Поезд ничем не отличался от прочих, ничто не указывало на то, что за его грязными окнами может скрываться невиданное. Я открыл последнюю дверь в хвосте поезда и поднялся по ступенькам. Я шел по вагонам мимо пустых темных купе, в окна которых тихо скреблись ветки кустов, растущих на склоне насыпи. Войдя в очередной вагон, я увидел через стекло тамбура, что он состоит из одного-единственного помещения. В помещении теснились парты, за которыми спиной ко мне сидели дети. На другом конце вагона за массивным столом раскачивался на стуле мужчина в сером пиджаке, рядом с ним стояла девочка. Вагон, очевидно, служил школьным классом. В нем было темно, ученики писали в тетрадях светящимися чернилами. Я тихонько приоткрыл дверь и услышал, как учитель говорит девочке:
– Расскажи, что ты знаешь о возникновении падежных окончаний.
Девочка, запинаясь, начала отвечать:
– Когда-то падежные окончания служили для обращения к демонам. Каждая форма контакта человека с бытием имела своего демона-хранителя. Имя демона всегда выкликалось после наименования вещи.
– Правильно. А теперь скажи нам, как получилось, что из обращений к демонам произошли падежные окончания.

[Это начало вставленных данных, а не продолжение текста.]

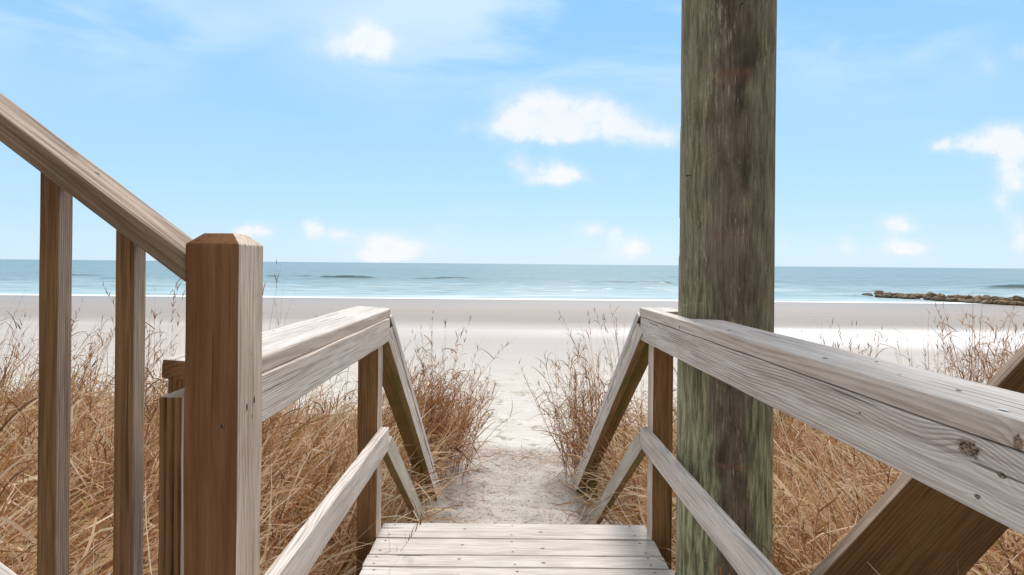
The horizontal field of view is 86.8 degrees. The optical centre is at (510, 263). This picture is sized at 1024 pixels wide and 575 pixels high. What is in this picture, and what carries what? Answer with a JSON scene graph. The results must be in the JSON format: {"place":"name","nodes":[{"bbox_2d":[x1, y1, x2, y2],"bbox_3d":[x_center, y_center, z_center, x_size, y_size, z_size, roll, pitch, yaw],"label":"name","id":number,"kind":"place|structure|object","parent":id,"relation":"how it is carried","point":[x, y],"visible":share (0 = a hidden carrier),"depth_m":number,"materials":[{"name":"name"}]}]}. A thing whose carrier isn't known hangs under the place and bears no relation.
{"place":"outdoors","nodes":[
{"label":"outdoors","id":0,"kind":"place"},
{"bbox_2d":[0,295,1023,574],"bbox_3d":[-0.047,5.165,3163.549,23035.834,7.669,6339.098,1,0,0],"label":"beach ground","id":1,"kind":"structure","parent":0,"point":[532,329],"depth_m":26.05,"materials":[{"name":"beige sand"}]},
{"bbox_2d":[0,296,111,412],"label":"grass tuft","id":2,"kind":"object","parent":1,"relation":"on","point":[18,345],"visible":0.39,"depth_m":4.65,"materials":[{"name":"brown plant"}]},
{"bbox_2d":[71,310,185,418],"bbox_3d":[-3.372,1.016,4.615,1.196,1.494,1.217,1,0,17],"label":"grass tuft","id":3,"kind":"object","parent":1,"relation":"on","point":[90,348],"visible":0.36,"depth_m":4.61,"materials":[{"name":"brown plant"}]},
{"bbox_2d":[103,278,263,418],"bbox_3d":[-2.071,0.748,3.790,0.996,1.709,0.881,1,0,17],"label":"grass tuft","id":4,"kind":"object","parent":1,"relation":"on","point":[161,334],"visible":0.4,"depth_m":3.68,"materials":[{"name":"brown plant"}]},
{"bbox_2d":[0,313,501,574],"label":"dune grass","id":5,"kind":"structure","parent":1,"relation":"on","point":[302,471],"depth_m":2.81,"materials":[{"name":"plant"}]},
{"bbox_2d":[262,259,287,486],"bbox_3d":[-1.564,0.748,3.477,0.483,1.713,0.472,1,0,-24],"label":"grass tuft","id":6,"kind":"object","parent":1,"relation":"on","point":[269,329],"visible":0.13,"depth_m":3.53,"materials":[{"name":"brown plant"}]},
{"bbox_2d":[158,306,438,574],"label":"walkway railing","id":7,"kind":"object","parent":1,"relation":"on","point":[301,359],"visible":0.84,"depth_m":1.73,"materials":[{"name":"grey wood"}]},
{"bbox_2d":[382,346,519,480],"bbox_3d":[-0.610,1.366,5.039,1.453,1.200,1.387,1,0,0],"label":"grass tuft","id":8,"kind":"object","parent":1,"relation":"on","point":[462,426],"visible":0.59,"depth_m":4.92,"materials":[{"name":"brown plant"}]},
{"bbox_2d":[412,311,515,478],"bbox_3d":[-0.403,1.183,4.978,0.998,1.488,0.641,1,0,-24],"label":"grass tuft","id":9,"kind":"object","parent":1,"relation":"on","point":[443,387],"visible":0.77,"depth_m":4.82,"materials":[{"name":"brown plant"}]},
{"bbox_2d":[391,439,605,524],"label":"straw litter","id":10,"kind":"object","parent":1,"relation":"on","point":[474,473],"visible":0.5,"depth_m":4.83,"materials":[{"name":"brown plant"}]},
{"bbox_2d":[359,523,674,574],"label":"wooden landing","id":11,"kind":"object","parent":1,"relation":"on","point":[484,549],"visible":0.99,"depth_m":2.26,"materials":[{"name":"grey wood"}]},
{"bbox_2d":[0,93,262,574],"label":"stair railing","id":12,"kind":"object","parent":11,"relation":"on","point":[220,275],"visible":1,"depth_m":0.93,"materials":[{"name":"brown wood"}]},
{"bbox_2d":[443,450,600,524],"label":"shell chips","id":13,"kind":"object","parent":1,"relation":"on","point":[511,482],"visible":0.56,"depth_m":4.77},
{"bbox_2d":[519,340,646,492],"bbox_3d":[0.715,1.357,5.131,1.293,1.328,1.114,1,0,-15],"label":"grass tuft","id":14,"kind":"object","parent":1,"relation":"on","point":[574,414],"visible":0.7,"depth_m":5.03,"materials":[{"name":"brown plant"}]},
{"bbox_2d":[558,303,630,442],"bbox_3d":[0.833,1.150,5.250,0.718,1.540,0.722,1,0,0],"label":"grass tuft","id":15,"kind":"object","parent":1,"relation":"on","point":[592,355],"visible":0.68,"depth_m":5.24,"materials":[{"name":"brown plant"}]},
{"bbox_2d":[676,0,776,574],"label":"timber piling","id":16,"kind":"object","parent":1,"relation":"on","point":[725,431],"visible":0.84,"depth_m":1.95,"materials":[{"name":"brown wood"}]},
{"bbox_2d":[536,309,1023,574],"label":"dune grass","id":17,"kind":"structure","parent":1,"relation":"on","point":[827,496],"depth_m":3.11,"materials":[{"name":"plant"}]},
{"bbox_2d":[573,307,1023,574],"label":"walkway railing","id":18,"kind":"object","parent":1,"relation":"on","point":[959,439],"visible":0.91,"depth_m":1.18,"materials":[{"name":"grey wood"}]},
{"bbox_2d":[774,318,874,444],"bbox_3d":[2.732,1.127,4.711,0.919,1.336,0.665,1,0,25],"label":"grass tuft","id":19,"kind":"object","parent":1,"relation":"on","point":[835,346],"visible":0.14,"depth_m":4.76,"materials":[{"name":"brown plant"}]},
{"bbox_2d":[816,320,893,357],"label":"grass tuft","id":20,"kind":"object","parent":1,"relation":"on","point":[859,344],"visible":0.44,"depth_m":4.88,"materials":[{"name":"brown plant"}]},
{"bbox_2d":[809,344,1023,574],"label":"stair stringer","id":21,"kind":"object","parent":1,"relation":"on","point":[944,533],"visible":0.62,"depth_m":1.45,"materials":[{"name":"brown wood"}]},
{"bbox_2d":[862,329,970,378],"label":"grass tuft","id":22,"kind":"object","parent":1,"relation":"on","point":[925,354],"visible":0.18,"depth_m":4.99,"materials":[{"name":"brown plant"}]},
{"bbox_2d":[934,297,946,300],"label":"boulder","id":23,"kind":"object","parent":1,"relation":"on","point":[938,299],"visible":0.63,"depth_m":72.37,"materials":[{"name":"stone"}]},
{"bbox_2d":[871,293,1023,383],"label":"grass tuft","id":24,"kind":"object","parent":1,"relation":"on","point":[990,374],"visible":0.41,"depth_m":5.19,"materials":[{"name":"brown plant"}]},
{"bbox_2d":[945,298,956,301],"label":"boulder","id":25,"kind":"object","parent":1,"relation":"on","point":[950,300],"visible":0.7,"depth_m":71.10,"materials":[{"name":"stone"}]},
{"bbox_2d":[957,298,965,302],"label":"boulder","id":26,"kind":"object","parent":1,"relation":"on","point":[960,299],"visible":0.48,"depth_m":70.42,"materials":[{"name":"brown stone"}]},
{"bbox_2d":[964,299,973,302],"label":"boulder","id":27,"kind":"object","parent":1,"relation":"on","point":[968,301],"visible":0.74,"depth_m":69.03,"materials":[{"name":"brown stone"}]},
{"bbox_2d":[979,300,993,303],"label":"boulder","id":28,"kind":"object","parent":1,"relation":"on","point":[989,302],"visible":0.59,"depth_m":67.29,"materials":[{"name":"stone"}]},
{"bbox_2d":[981,295,989,299],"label":"boulder","id":29,"kind":"object","parent":28,"relation":"on","point":[986,297],"visible":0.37,"depth_m":68.42,"materials":[{"name":"brown stone"}]},
{"bbox_2d":[998,300,1007,304],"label":"boulder","id":30,"kind":"object","parent":1,"relation":"on","point":[1002,302],"visible":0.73,"depth_m":65.50,"materials":[{"name":"brown stone"}]},
{"bbox_2d":[1016,301,1023,305],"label":"boulder","id":31,"kind":"object","parent":1,"relation":"on","point":[1020,303],"visible":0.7,"depth_m":64.04,"materials":[{"name":"brown stone"}]},
{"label":"boulder","id":32,"kind":"object","parent":1,"relation":"on","visible":0},
{"bbox_2d":[971,295,980,298],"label":"boulder","id":33,"kind":"object","parent":32,"relation":"on","point":[977,297],"visible":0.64,"depth_m":69.13,"materials":[{"name":"brown stone"}]},
{"bbox_2d":[0,259,1023,303],"bbox_3d":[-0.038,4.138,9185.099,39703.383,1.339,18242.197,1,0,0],"label":"sea water","id":34,"kind":"structure","parent":0,"point":[515,281],"depth_m":136.19,"materials":[{"name":"teal liquid"}]},
{"bbox_2d":[882,292,891,297],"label":"boulder","id":35,"kind":"object","parent":34,"relation":"in","point":[887,296],"visible":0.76,"depth_m":79.38,"materials":[{"name":"brown stone"}]},
{"bbox_2d":[0,0,1023,268],"label":"sky","id":36,"kind":"structure","parent":0,"point":[361,131],"materials":[{"name":"blue"}]},
{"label":"boulder","id":37,"kind":"object","parent":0,"visible":0},
{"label":"boulder","id":38,"kind":"object","parent":37,"relation":"on","visible":0},
{"bbox_2d":[925,291,936,296],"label":"boulder","id":39,"kind":"object","parent":38,"relation":"on","point":[930,294],"visible":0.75,"depth_m":74.24,"materials":[{"name":"brown stone"}]}
]}

– По холодным лестницам пришли чужие женщины со слепыми шакалами…
– Не путай с возникновением плюсквамперфекта, – остановил ее учитель. – Так не припомнишь, как же это получилось?
Девочка молчала и нервно переминалась с ноги на ногу. Учитель обратился к классу:
– Кто-нибудь знает? Ну давай ты. – Он указал на мальчика, сидевшего на первой парте; тот поднялся и начал:
– Когда на жнивье появились ржавые крейсеры, имена демонов утратили ударения и постепенно срослись с существительными. Люди забыли об их первоначальном значении. Связь с определенным типом отношений, которые опекались тем или иным демоном, превратилась всего лишь в грамматическую функцию.
– Очень хорошо, можешь сесть. Вот почему мы говорим, что грамматика – это прикладная… что? – Учитель снова обращался к девочке, стоящей у доски.
– Грамматика – это прикладная… Мы говорим, что грамматика – это прикладная демонология.
– Ну вот, молодец. А теперь расскажи нам о будущем развитии падежных окончаний.
– Падежные окончания постепенно избавятся от своего унизительного положения и воссияют в своей прежней славе. Со временем они отделятся от основ имен существительных и станут тем, чем были изначально, то есть выкликанием имен демонов. Основы существительных утратят свое значение, они будут произноситься все тише, пока наконец не исчезнут совсем, в языке останутся только бывшие окончания, люди поймут, что остальное просто не нужно. В тишине залов станут звучать лишь трепещущие на сквозняке гардины да страшные имена демонов, которые теперь знакомы нам как типы склонений.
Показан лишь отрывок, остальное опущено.